O3: The model tracks the main trend and seasonal patterns, but smooths out some of the more extreme peaks and valleys.
pm2.5: Predictions follow the overall changes, but the model misses some of the sudden spikes.
pm10: The model captures general trends but consistently underestimates larger peaks and rapid jumps.

The model reproduces the main behavior of each series, but tends to miss or smooth out sharp fluctuations.

Comparing Forecasting Strategies

As we have seen, various deep learning architectures and modeling strategies can be employed for time series forecasting. In summary, the forecasting approaches can be categorized into:

Single series, multi-step forecasting: Predict future values of a single series using only its past values.
Multivariate, single-output, multi-step forecasting: Use several series as predictors to forecast a target series over multiple future time steps.
Multivariate, multi-output, multi-step forecasting: Use multiple predictor series to forecast several targets over multiple steps.

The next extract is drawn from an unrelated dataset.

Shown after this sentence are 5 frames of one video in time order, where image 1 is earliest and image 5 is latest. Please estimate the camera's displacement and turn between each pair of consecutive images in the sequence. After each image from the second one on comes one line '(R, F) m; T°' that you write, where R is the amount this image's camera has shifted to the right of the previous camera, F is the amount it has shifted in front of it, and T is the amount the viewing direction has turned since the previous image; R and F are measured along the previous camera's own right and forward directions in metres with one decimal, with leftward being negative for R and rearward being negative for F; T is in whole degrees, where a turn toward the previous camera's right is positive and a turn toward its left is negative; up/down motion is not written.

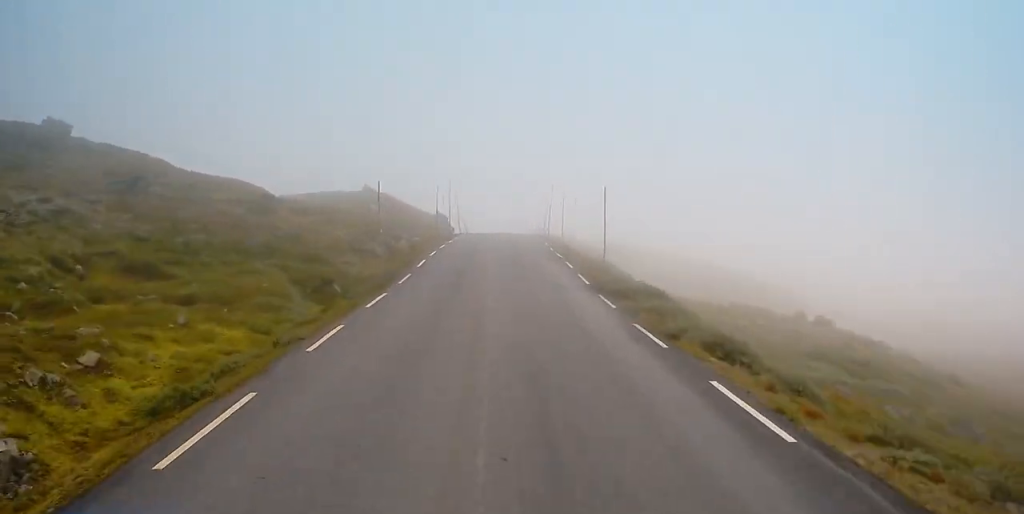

Below is a summary table comparing the Mean Absolute Error (MAE) for each approach, calculated on the same target series, "o3":

# Metric comparison
# ==============================================================================
results = {
    "Single-Series, Multi-Step": metric_single_series,
    "Multi-Series, Single-Output": metric_multivariate,
    "Multi-Series, Multi-Output": metric_multivariate_multioutput
}

table_results = pd.DataFrame.from_dict(results, orient='index', columns=['O3 MAE'])
table_results = table_results.style.highlight_min(axis=0, color='green').format(precision=4)
table_results

	O3 MAE
Single-Series, Multi-Step	11.0512
Multi-Series, Single-Output	11.1651
Multi-Series, Multi-Output	12.7410

In this example, the single-series and simple multivariate approaches produce similar errors, while adding more targets as outputs (multi-output) increases the prediction error. However, there is no universal rule: the best strategy depends on your data, domain, and prediction goals.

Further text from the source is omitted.